Nothing
#' Add minimum distance data to your data frame
#'
#' @description \code{add_minimum_distance()} allows you to add the minimum
#' distance (in kilometers) to a dyad-year, state-year, leader-year, or
#' leader-dyad-year data. These estimates span the temporal domain of 1886 to
#' 2019.
#'
#' @return
#'
#' \code{add_minimum_distance()} takes a (dyad-year, leader-year,
#' leader-dyad-year, state-year) data frame and adds the minimum distance
#' between the first state and the second state (in dyad-year or leader-dyad-year
#' data) or the minimum minimum (sic) distance for a given state in a given year
#' for data that are state-year or leader-year.
#'
#' @details
#'
#' The function leans on attributes of the data that are provided by one of the
#' "create" functions in this package (e.g. [create_dyadyears()] or
#' [create_stateyears()]).
#'
#' This function will add estimates to leader-level data (like the kind created
#' [create_leaderyears()] or [create_leaderdyadyears()]), but the standard
#' caveat applies that the minimum distance data merged into these kinds of
#' data should be understood as approximations.
#'
#' The function will create an on-the-fly directed version of the non-directed
#' data prior to merging, even if your data are non-directed. It's just easier
#' to do it that way and the concern for computation time is minimal.
#'
#' Underneath the hood, a grouped summarize function returning a minimum estimate
#' generates the value for state-year or leader-year data. If there is a given
#' year where there is no minimum distance recorded whatsoever, this value is
#' infinity. The function quietly corrects this underneath the hood, but the
#' summarize function that calculates this still returns this warning.
#'
#' The `use_extdata` argument checks for whether you have the "plus" version of
#' the data in the package's extdata directory. If you don't have it, the
#' function issues a stop suggesting that you should run [download_extdata()] to
#' get a copy of these data or to set `use_extdata` to be FALSE.
#'
#' [download_extdata()] has additional information about the data sets that
#' `use_extdata` would incorporate into your data.
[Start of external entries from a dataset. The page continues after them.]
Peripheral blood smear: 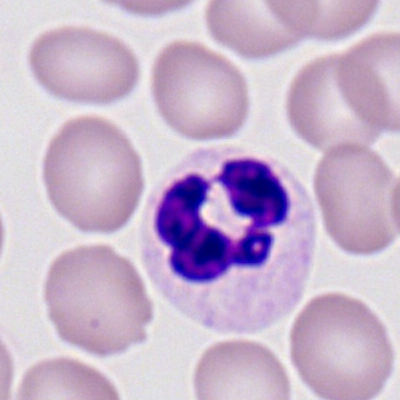
Morphological class — polymorphonuclear neutrophil.
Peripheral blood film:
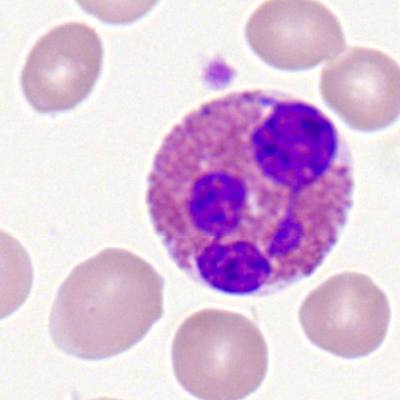Morphological class: eosinophil.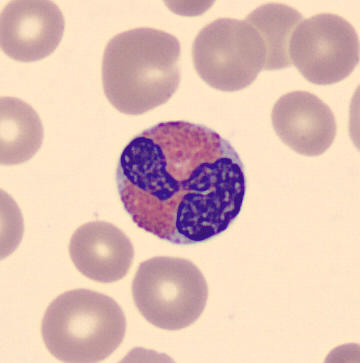

The cell type is eosinophilic granulocyte.

Peripheral blood smear · image size 360×363.
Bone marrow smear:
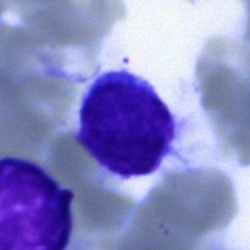 Impression — lymphocyte.
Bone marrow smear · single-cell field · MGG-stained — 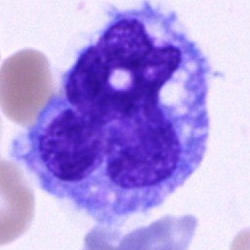
Specimen: bone marrow smear.
Cell: monocyte.
Lineage: myeloid.
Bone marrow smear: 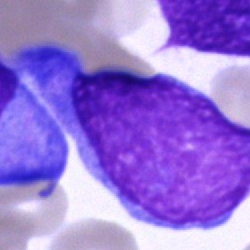Showing a blast.
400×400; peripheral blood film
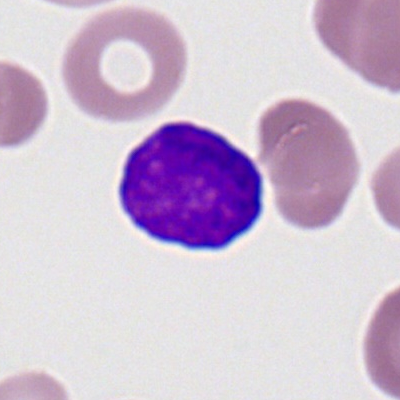

Morphology consistent with a lymphocyte.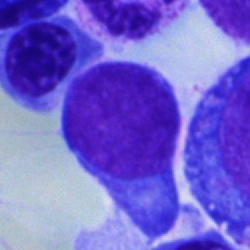 A plasmacyte.
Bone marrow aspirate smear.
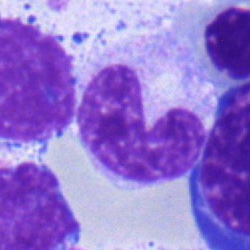
Classification = stab cell.
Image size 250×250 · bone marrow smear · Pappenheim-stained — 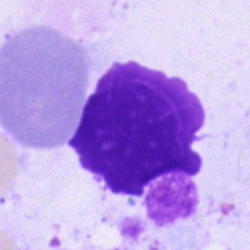An artifact.
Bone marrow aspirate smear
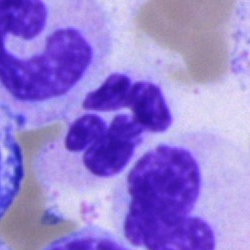
Morphology → neutrophil (segmented).
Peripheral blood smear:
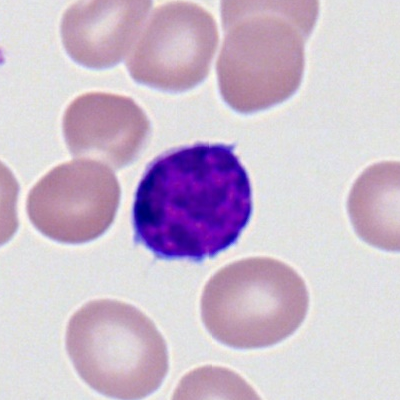
Impression — typical lymphocyte.
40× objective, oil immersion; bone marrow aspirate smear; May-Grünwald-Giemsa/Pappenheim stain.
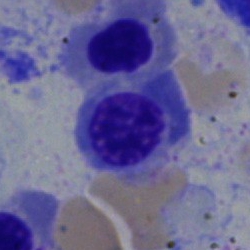
Specimen: bone marrow smear.
Classification: nucleated red blood cell.
Lineage: erythroid.
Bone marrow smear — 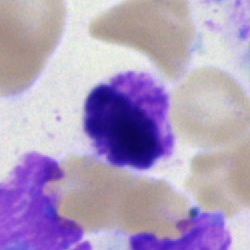

Impression — polymorphonuclear neutrophil.
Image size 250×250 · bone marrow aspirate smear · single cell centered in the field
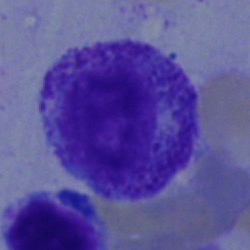{"cell_type": "myelocyte", "lineage": "myeloid"}

Check for "minimum distance"
#' in the documentation there, and be mindful of your state system that
#' \pkg{peacesciencer} is treating as your master system.
#'
#' ## On the `slice` Argument
#'
#' The `slice` argument is applicable only when `use_extdata` is TRUE and
#' determines how the minimum distance data are sliced prior to merging into
#' your data set. The "plussed up" version of the minimum distance data that you
#' can retrieve from [download_extdata()] and optionally use in this function
#' has every dyadic minimum distance from 1886 to 2019, by year, on Jan. 1,
#' June 30, Dec. 31, and at any point in a given year where the dyadic minimum
#' distance changed for one reason or another. A quick explanation follows.
#'
#' *"first"*: this is the default option. It will return the earliest observed
#' minimum distance in a given dyad-year. In most cases, this is Jan. 1 of a
#' given year. However, it need not be. For example, the minimum distance in
#' the Correlates of War version of the data for the United States and Canada is
#' on Jan. 10, 1920.
#'
#' *"jan1"*: entering this as the value in the `slice` argument returns the
#' minimum distance observed on Jan. 1 of the referent year. Using the above
#' case of Canada and the United States in 1920, this observation would be
#' missing for the year because the dyad did not exist on Jan. 1, 1920 in the
#' Correlates of War system. This incidentally the only option available to you
#' if `use_extdata` is set to FALSE. [cow_mindist] and [gw_mindist] are
#' benchmarked to Jan. 1 of a given year.
#'
#' *"june30"*: this is the recorded minimum distance, if one exists, for a dyad
#' on June 30 of a given year. This is a basic midway point of a calendar year.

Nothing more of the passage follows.